Available records
==*==

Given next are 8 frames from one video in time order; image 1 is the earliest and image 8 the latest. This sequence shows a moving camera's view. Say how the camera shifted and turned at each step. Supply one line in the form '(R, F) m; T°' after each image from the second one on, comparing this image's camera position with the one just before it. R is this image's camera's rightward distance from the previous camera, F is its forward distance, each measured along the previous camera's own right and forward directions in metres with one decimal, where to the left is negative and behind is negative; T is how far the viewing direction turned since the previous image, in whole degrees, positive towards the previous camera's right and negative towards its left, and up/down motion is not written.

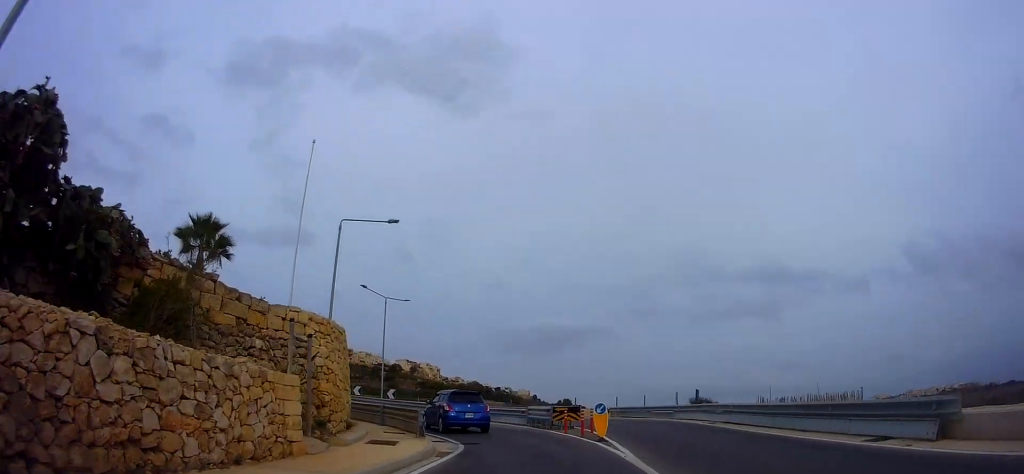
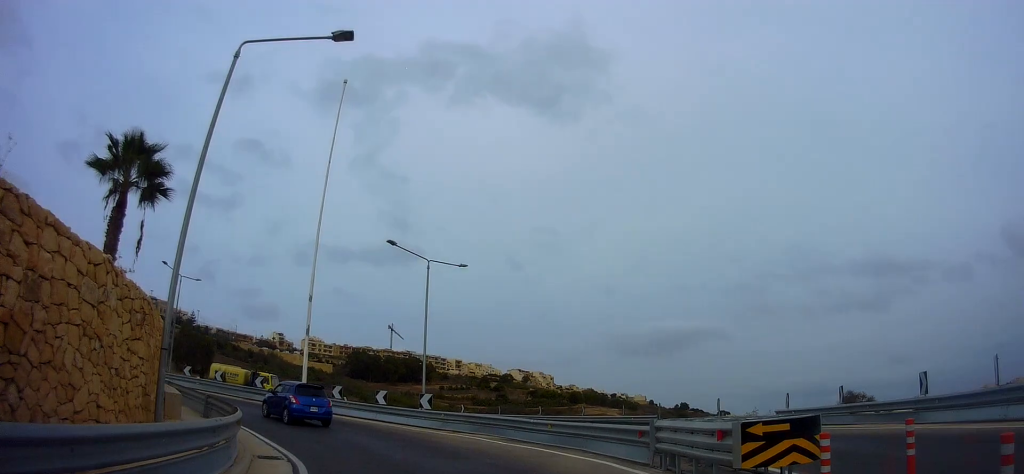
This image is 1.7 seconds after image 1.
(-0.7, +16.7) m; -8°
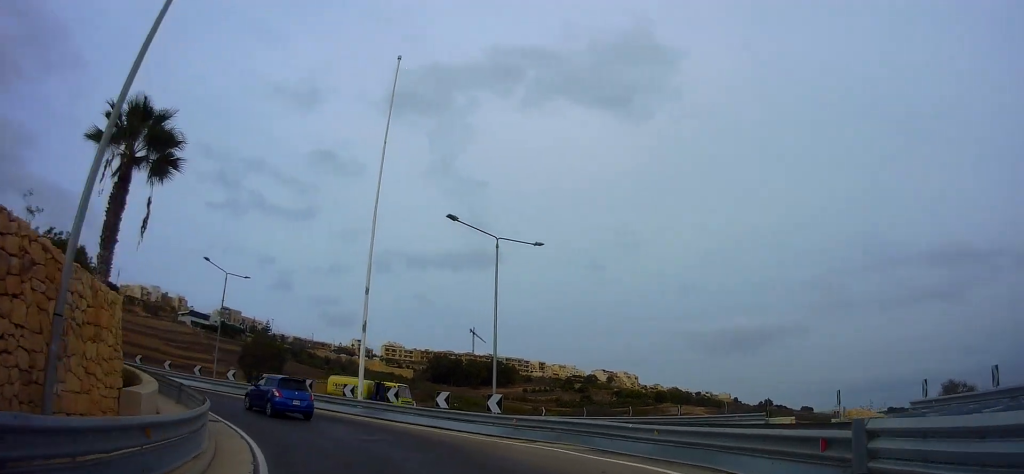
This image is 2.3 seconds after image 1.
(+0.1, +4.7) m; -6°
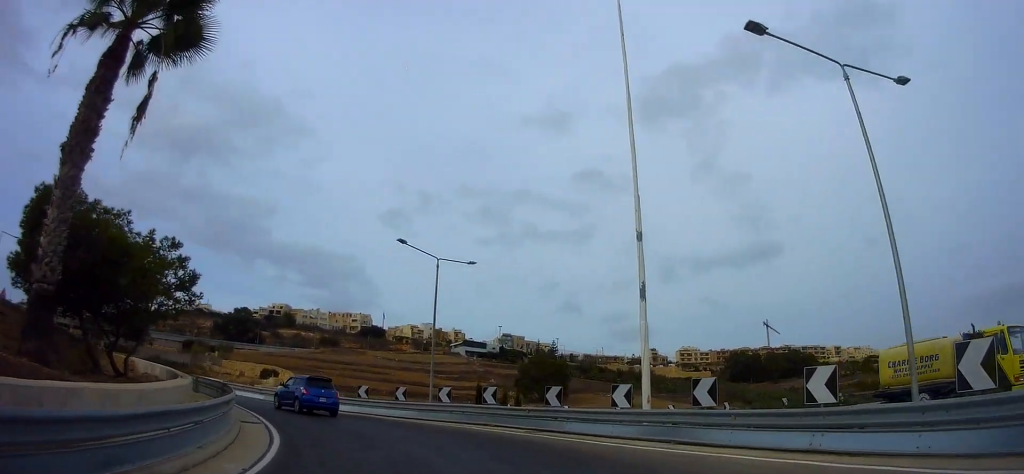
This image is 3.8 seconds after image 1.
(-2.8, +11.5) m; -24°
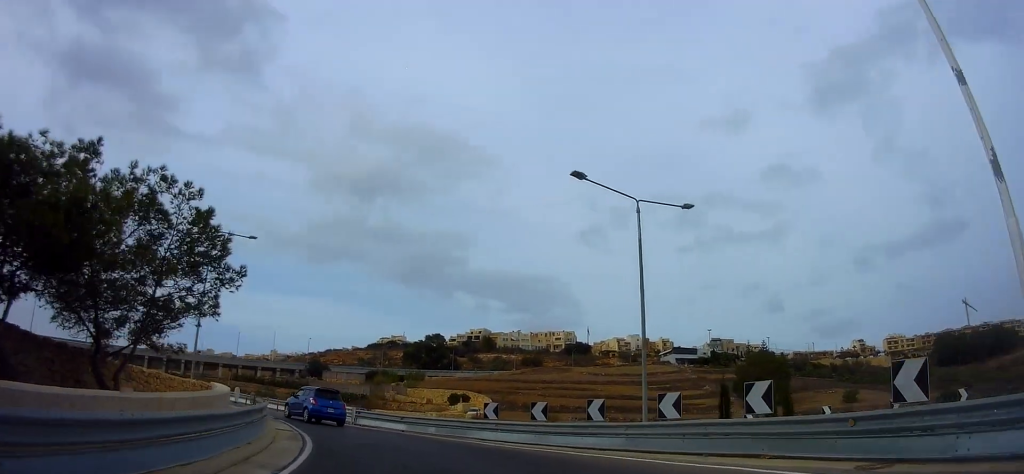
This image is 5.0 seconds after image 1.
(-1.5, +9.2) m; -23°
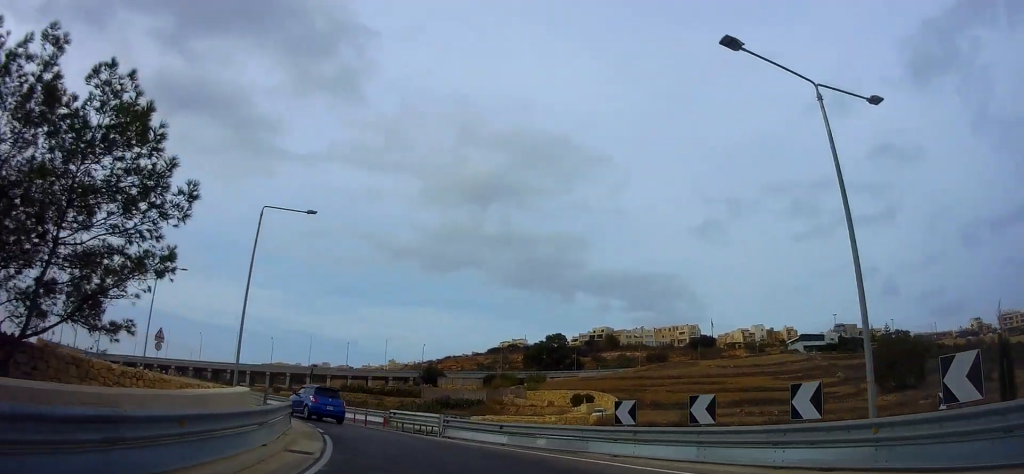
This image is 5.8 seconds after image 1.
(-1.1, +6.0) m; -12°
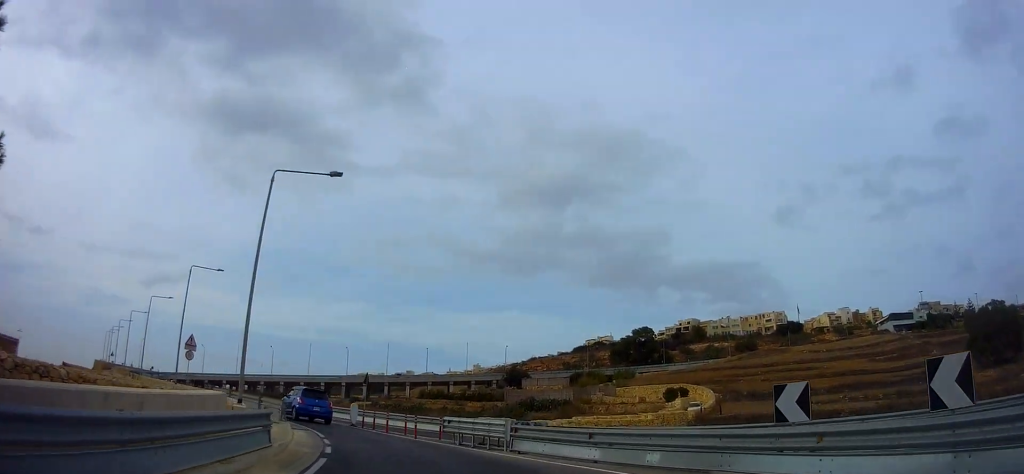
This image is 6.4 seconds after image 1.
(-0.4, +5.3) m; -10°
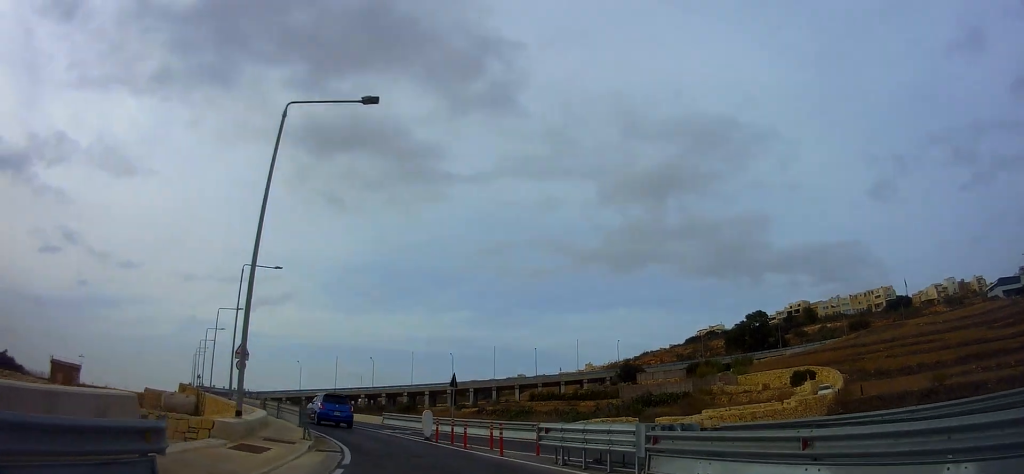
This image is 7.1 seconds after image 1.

==*==

Assignment
Write out exactly the lines from the line that contains "This image is 5.0 seconds after image 1." through the end of the material, including both ends. No pictures belong in the copy.

Answer to this task
This image is 5.0 seconds after image 1.
(-1.5, +9.2) m; -23°
This image is 5.8 seconds after image 1.
(-1.1, +6.0) m; -12°
This image is 6.4 seconds after image 1.
(-0.4, +5.3) m; -10°
This image is 7.1 seconds after image 1.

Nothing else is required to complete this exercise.